El entrenamiento de modelos de IA representa la fase de mayor exigencia técnica. Requiere clústeres con unidades de procesamiento gráfico (GPU) que pueden superar los 100 kW por rack, elevando significativamente las necesidades de gestión térmica y suministro eléctrico.
Ante este panorama, tecnologías como el enfriamiento líquido directo al chip, los intercambiadores de calor en puertas traseras y arquitecturas eléctricas modulares con alta redundancia se vuelven fundamentales. Además, el crecimiento constante en el consumo energético y la potencia térmica de diseño (TDP) de los aceleradores obliga a planificar infraestructuras escalables que acompañan la evolución tecnológica.
Por su parte, la inferencia -etapa en el modelo entrenado genera resultados con datos nuevos- presenta una demanda más distribuida, aunque cada vez más compleja. Sus aplicaciones abarcan desde asistentes virtuales hasta análisis en tiempo real en sectores como salud, comercio e industria.

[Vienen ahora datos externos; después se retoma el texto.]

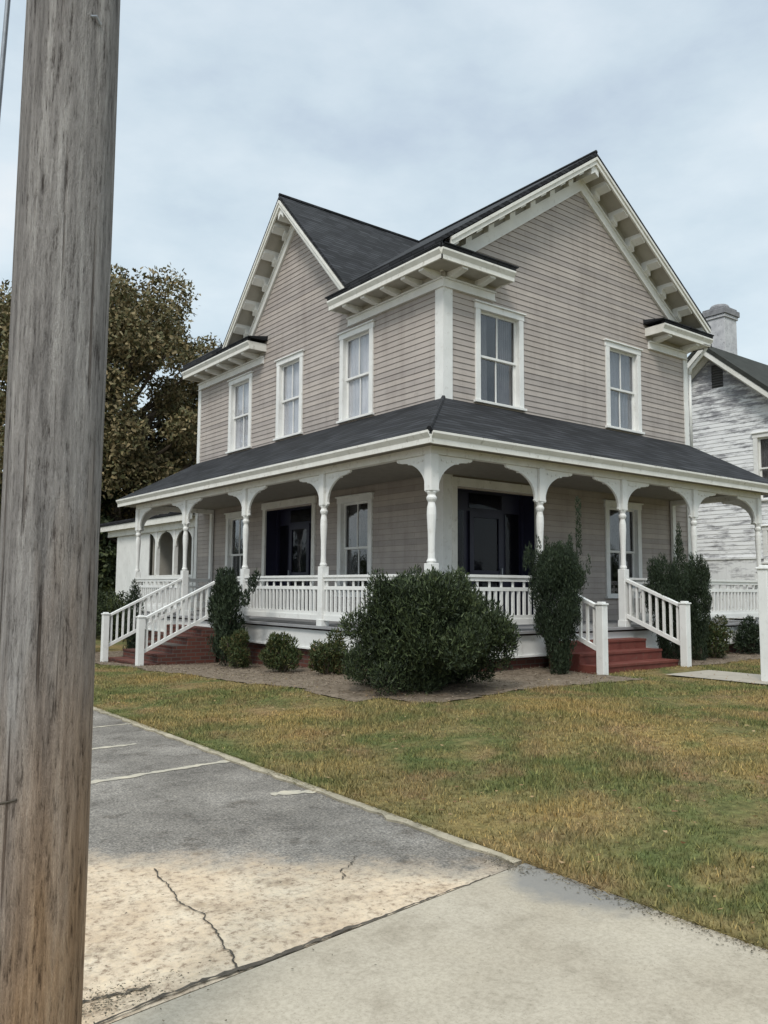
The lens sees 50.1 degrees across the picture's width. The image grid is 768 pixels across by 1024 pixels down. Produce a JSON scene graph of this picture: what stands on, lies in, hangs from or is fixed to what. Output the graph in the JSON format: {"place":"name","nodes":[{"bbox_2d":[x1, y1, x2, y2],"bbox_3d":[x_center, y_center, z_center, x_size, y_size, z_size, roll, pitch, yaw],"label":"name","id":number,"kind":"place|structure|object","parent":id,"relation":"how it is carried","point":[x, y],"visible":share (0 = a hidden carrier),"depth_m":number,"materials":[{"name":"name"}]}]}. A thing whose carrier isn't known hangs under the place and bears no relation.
{"place":"outdoors","nodes":[
{"label":"outdoors","id":0,"kind":"place"},
{"bbox_2d":[0,0,767,470],"label":"sky","id":1,"kind":"structure","parent":0,"point":[409,118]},
{"bbox_2d":[93,636,767,1023],"bbox_3d":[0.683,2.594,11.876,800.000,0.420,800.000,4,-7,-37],"label":"ground","id":2,"kind":"structure","parent":0,"point":[742,804],"depth_m":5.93,"materials":[{"name":"green plant"}]},
{"bbox_2d":[0,447,100,566],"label":"evergreen tree","id":3,"kind":"object","parent":2,"relation":"on","point":[1,498],"depth_m":34.09,"materials":[{"name":"green plant"}]},
{"bbox_2d":[96,612,101,635],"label":"hedge bush","id":4,"kind":"object","parent":2,"relation":"on","point":[98,617],"visible":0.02,"depth_m":21.17,"materials":[{"name":"green plant"}]},
{"bbox_2d":[0,263,221,565],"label":"oak tree","id":5,"kind":"object","parent":2,"relation":"on","point":[136,346],"visible":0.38,"depth_m":32.25,"materials":[{"name":"green plant"}]},
{"bbox_2d":[97,463,130,603],"bbox_3d":[-11.067,1.252,32.885,5.347,7.054,5.983,4,-7,-37],"label":"evergreen tree","id":6,"kind":"object","parent":2,"relation":"on","point":[107,574],"visible":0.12,"depth_m":31.38,"materials":[{"name":"green plant"}]},
{"bbox_2d":[96,586,141,639],"bbox_3d":[-8.848,3.355,26.499,2.605,1.908,2.455,4,-7,-37],"label":"hedge bush","id":7,"kind":"object","parent":2,"relation":"on","point":[113,604],"visible":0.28,"depth_m":26.08,"materials":[{"name":"green plant"}]},
{"bbox_2d":[106,421,170,547],"bbox_3d":[-11.211,0.471,38.138,7.882,9.540,8.222,3,-6,-22],"label":"evergreen tree","id":8,"kind":"object","parent":2,"relation":"on","point":[150,435],"depth_m":37.27,"materials":[{"name":"green plant"}]},
{"bbox_2d":[82,711,514,1023],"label":"parking lot","id":9,"kind":"structure","parent":2,"relation":"on","point":[230,897],"depth_m":4.39,"materials":[{"name":"grey asphalt"}]},
{"bbox_2d":[92,743,135,749],"bbox_3d":[-3.365,2.111,6.908,2.709,0.001,0.124,5,-7,-42],"label":"parking line","id":10,"kind":"object","parent":9,"relation":"on","point":[112,746],"visible":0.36,"depth_m":7.66,"materials":[{"name":"white paint"}]},
{"bbox_2d":[82,984,150,1002],"bbox_3d":[-1.263,1.744,2.780,0.980,0.001,0.094,4,-7,-37],"label":"pavement crack","id":11,"kind":"object","parent":9,"relation":"on","point":[126,992],"visible":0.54,"depth_m":3.02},
{"bbox_2d":[91,760,229,783],"bbox_3d":[-2.452,2.039,6.055,3.109,0.001,0.131,5,-7,-42],"label":"parking line","id":12,"kind":"object","parent":9,"relation":"on","point":[141,774],"visible":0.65,"depth_m":6.60,"materials":[{"name":"white paint"}]},
{"bbox_2d":[154,868,239,971],"bbox_3d":[-0.873,1.840,3.782,0.071,0.001,1.343,3,-6,-30],"label":"pavement crack","id":13,"kind":"object","parent":9,"relation":"on","point":[230,950],"visible":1,"depth_m":3.64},
{"bbox_2d":[270,790,315,795],"bbox_3d":[-0.666,2.046,5.995,0.330,0.001,0.134,2,-5,-16],"label":"parking line","id":14,"kind":"object","parent":9,"relation":"on","point":[290,792],"visible":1,"depth_m":5.99,"materials":[{"name":"white paint"}]},
{"bbox_2d":[82,713,767,1023],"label":"edge debris","id":15,"kind":"object","parent":9,"relation":"on","point":[108,1002],"visible":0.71,"depth_m":3.48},
{"bbox_2d":[93,706,521,866],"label":"kerb","id":16,"kind":"structure","parent":2,"relation":"on","point":[438,834],"depth_m":5.73,"materials":[{"name":"grey concrete"}]},
{"bbox_2d":[95,651,759,702],"bbox_3d":[0.506,3.106,17.581,12.700,0.435,14.500,4,-7,-37],"label":"mulch bed","id":17,"kind":"object","parent":2,"relation":"on","point":[360,694],"visible":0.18,"depth_m":11.69,"materials":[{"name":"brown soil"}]},
{"bbox_2d":[121,578,148,650],"bbox_3d":[-5.819,2.520,19.194,0.626,1.971,0.683,4,-7,-37],"label":"shrub","id":18,"kind":"object","parent":17,"relation":"on","point":[134,592],"visible":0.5,"depth_m":19.16,"materials":[{"name":"green plant"}]},
{"bbox_2d":[206,566,260,665],"bbox_3d":[-2.873,1.999,15.570,0.719,1.988,1.993,4,-7,-37],"label":"upright shrub","id":19,"kind":"object","parent":17,"relation":"on","point":[224,598],"visible":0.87,"depth_m":15.48,"materials":[{"name":"green plant"}]},
{"bbox_2d":[219,628,252,668],"bbox_3d":[-2.694,2.508,14.946,0.561,0.825,0.726,4,-7,-37],"label":"shrub","id":20,"kind":"object","parent":17,"relation":"on","point":[235,647],"visible":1,"depth_m":14.82,"materials":[{"name":"green plant"}]},
{"bbox_2d":[258,631,304,672],"bbox_3d":[-1.708,2.356,13.673,0.811,0.772,0.673,0,-5,4],"label":"shrub","id":21,"kind":"object","parent":17,"relation":"on","point":[284,648],"visible":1,"depth_m":13.59,"materials":[{"name":"green plant"}]},
{"bbox_2d":[308,627,348,674],"bbox_3d":[-0.847,2.192,12.766,0.711,0.819,0.736,4,-7,-37],"label":"shrub","id":22,"kind":"object","parent":17,"relation":"on","point":[326,660],"visible":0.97,"depth_m":12.68,"materials":[{"name":"green plant"}]},
{"bbox_2d":[337,564,521,695],"bbox_3d":[0.576,1.573,10.624,2.240,1.850,2.415,4,-7,-37],"label":"yew bush","id":23,"kind":"object","parent":17,"relation":"on","point":[429,630],"visible":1,"depth_m":10.10,"materials":[{"name":"green plant"}]},
{"bbox_2d":[522,496,590,674],"bbox_3d":[2.655,1.177,12.524,0.986,2.939,0.912,4,-7,-37],"label":"juniper","id":24,"kind":"object","parent":17,"relation":"on","point":[558,570],"visible":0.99,"depth_m":12.30,"materials":[{"name":"green plant"}]},
{"bbox_2d":[641,522,694,658],"bbox_3d":[5.017,1.434,14.542,0.894,2.589,0.892,4,-7,-37],"label":"juniper","id":25,"kind":"object","parent":17,"relation":"on","point":[665,585],"visible":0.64,"depth_m":14.40,"materials":[{"name":"green plant"}]},
{"bbox_2d":[683,551,712,660],"bbox_3d":[5.805,1.771,15.208,0.565,2.127,0.566,0,-5,9],"label":"juniper","id":26,"kind":"object","parent":17,"relation":"on","point":[699,598],"visible":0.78,"depth_m":15.10,"materials":[{"name":"green plant"}]},
{"bbox_2d":[702,614,733,657],"bbox_3d":[6.216,2.372,15.484,0.719,0.903,0.722,-1,-6,19],"label":"shrub","id":27,"kind":"object","parent":17,"relation":"on","point":[717,643],"visible":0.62,"depth_m":15.36,"materials":[{"name":"green plant"}]},
{"bbox_2d":[731,615,759,653],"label":"shrub","id":28,"kind":"object","parent":17,"relation":"on","point":[746,638],"visible":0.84,"depth_m":16.54,"materials":[{"name":"green plant"}]},
{"bbox_2d":[98,661,764,922],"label":"fallen leaves","id":29,"kind":"object","parent":2,"relation":"on","point":[542,754],"visible":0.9,"depth_m":7.48,"materials":[{"name":"brown plant"}]},
{"bbox_2d":[100,150,767,674],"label":"house","id":30,"kind":"structure","parent":2,"relation":"on","point":[486,396],"depth_m":17.35,"materials":[{"name":"white paint"}]},
{"bbox_2d":[224,511,247,585],"bbox_3d":[-3.513,1.095,21.681,0.990,2.150,1.300,4,-7,-37],"label":"window","id":31,"kind":"structure","parent":30,"relation":"in","point":[234,520],"depth_m":21.83,"materials":[{"name":"white paint"}]},
{"bbox_2d":[225,371,253,453],"bbox_3d":[-3.475,-2.581,22.004,0.990,2.010,1.360,4,-7,-37],"label":"window","id":32,"kind":"structure","parent":30,"relation":"in","point":[240,387],"depth_m":21.99,"materials":[{"name":"white paint"}]},
{"bbox_2d":[273,349,304,440],"bbox_3d":[-1.939,-2.754,20.013,0.990,2.010,1.300,4,-7,-37],"label":"window","id":33,"kind":"structure","parent":30,"relation":"in","point":[289,375],"depth_m":19.97,"materials":[{"name":"white paint"}]},
{"bbox_2d":[261,495,355,610],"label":"entrance door","id":34,"kind":"structure","parent":30,"relation":"in","point":[288,535],"depth_m":19.92,"materials":[{"name":"paint"}]},
{"bbox_2d":[335,492,373,596],"bbox_3d":[-0.284,0.732,17.494,0.990,2.150,1.340,4,-7,-37],"label":"window","id":35,"kind":"structure","parent":30,"relation":"in","point":[355,511],"depth_m":17.63,"materials":[{"name":"white paint"}]},
{"bbox_2d":[336,319,374,423],"bbox_3d":[-0.559,-2.966,17.603,0.230,2.010,1.320,4,-7,-37],"label":"window","id":36,"kind":"structure","parent":30,"relation":"in","point":[356,357],"depth_m":17.76,"materials":[{"name":"white paint"}]},
{"bbox_2d":[451,476,537,614],"bbox_3d":[2.091,0.790,15.991,2.460,2.730,0.440,4,-7,-37],"label":"entrance door","id":37,"kind":"structure","parent":30,"relation":"in","point":[491,531],"depth_m":16.28,"materials":[{"name":"paint"}]},
{"bbox_2d":[473,299,526,411],"bbox_3d":[2.034,-3.040,16.602,1.440,2.010,0.990,4,-7,-37],"label":"window","id":38,"kind":"structure","parent":30,"relation":"in","point":[499,331],"depth_m":16.59,"materials":[{"name":"white paint"}]},
{"bbox_2d":[603,499,643,598],"bbox_3d":[5.076,0.872,18.610,1.380,2.150,0.990,4,-7,-37],"label":"window","id":39,"kind":"structure","parent":30,"relation":"in","point":[633,531],"depth_m":18.63,"materials":[{"name":"white paint"}]},
{"bbox_2d":[603,338,644,434],"bbox_3d":[5.190,-2.796,19.015,1.380,2.010,0.990,4,-7,-37],"label":"window","id":40,"kind":"structure","parent":30,"relation":"in","point":[622,361],"depth_m":18.86,"materials":[{"name":"white paint"}]},
{"bbox_2d":[667,670,767,684],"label":"walkway","id":41,"kind":"structure","parent":2,"relation":"on","point":[719,675],"depth_m":12.28,"materials":[{"name":"concrete"}]},
{"bbox_2d":[687,304,767,620],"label":"house","id":42,"kind":"structure","parent":2,"relation":"on","point":[729,388],"depth_m":24.51,"materials":[{"name":"white paint"}]},
{"bbox_2d":[750,431,767,500],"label":"window","id":43,"kind":"structure","parent":42,"relation":"in","point":[760,439],"depth_m":23.78,"materials":[{"name":"white paint"}]},
{"bbox_2d":[760,525,767,563],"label":"window","id":44,"kind":"structure","parent":42,"relation":"in","point":[764,527],"depth_m":23.40,"materials":[{"name":"white paint"}]},
{"bbox_2d":[755,565,767,681],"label":"white post","id":45,"kind":"object","parent":2,"relation":"on","point":[762,572],"visible":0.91,"depth_m":11.62,"materials":[{"name":"paint"}]},
{"bbox_2d":[111,863,767,1023],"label":"sidewalk","id":46,"kind":"structure","parent":0,"point":[508,946],"depth_m":3.20,"materials":[{"name":"concrete"}]},
{"bbox_2d":[0,0,119,1023],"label":"utility pole","id":47,"kind":"object","parent":46,"relation":"on","point":[53,438],"visible":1,"depth_m":2.23,"materials":[{"name":"brown wood"}]},
{"bbox_2d":[0,0,10,116],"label":"guy cable","id":48,"kind":"object","parent":47,"relation":"attached to","point":[4,35],"visible":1,"depth_m":2.50,"materials":[{"name":"metal"}]},
{"bbox_2d":[95,875,490,1023],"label":"pavement crack","id":49,"kind":"object","parent":46,"relation":"on","point":[295,948],"visible":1,"depth_m":3.31,"materials":[{"name":"grey concrete"}]},
{"bbox_2d":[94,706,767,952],"bbox_3d":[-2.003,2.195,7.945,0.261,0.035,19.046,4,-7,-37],"label":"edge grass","id":50,"kind":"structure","parent":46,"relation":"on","point":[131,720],"depth_m":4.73,"materials":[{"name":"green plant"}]}
]}

Si bien pueden operar en rangos inferiores a 40 kW por rack, los casos avanzados ya alcanzan entre 40 y 80 kW, especialmente cuando se requieren tiempos de respuesta ultra bajos. Dado que esta fase donde se materializa el retorno de inversión de la IA, optimizar la inferencia se convierte en prioridad estratégica.
A diferencia del entrenamiento, que suele concentrarse en grandes instalaciones hiperescalables, la inferencia se despliega en múltiples entornos: nube pública, colocation, instalaciones on-premise y Edge computing. Esta distribución incrementa la diversidad de diseños y exige soluciones flexibles.
La creciente complejidad operativa exige visibilidad en tiempo real y herramientas avanzadas de gestión. Soluciones como DCIM, EPMS y BMS permiten coordinar energía, enfriamiento y operación en entornos híbridos con cargas mixtas. Estos no solo mejora la eficiencia, sino que ayuda a anticipar riesgos y proteger la continuidad del negocio.
Una infraestructura preparada para el futuro de la IA
En los próximos años, la inferencia será más común y más exigente. Los modelos serán más complejos, crecerá el procesamiento en el borde y se expandirá la IA como servicio. El resultado será una mayor diversidad de configuraciones, desde sitios de baja carga hasta racks de alta densidad capaces de ejecutar entrenamiento e inferencia en paralelo.
“No existe una receta única, El tipo de carga y las necesidades de los aceleradores determinan la densidad y los requerimientos de infraestructura. Construir una base energética, térmica y de gestión que pueda evolucionar con ambas etapas será el diferencial competitivo en la nueva era de la IA”, concluyó Llavot.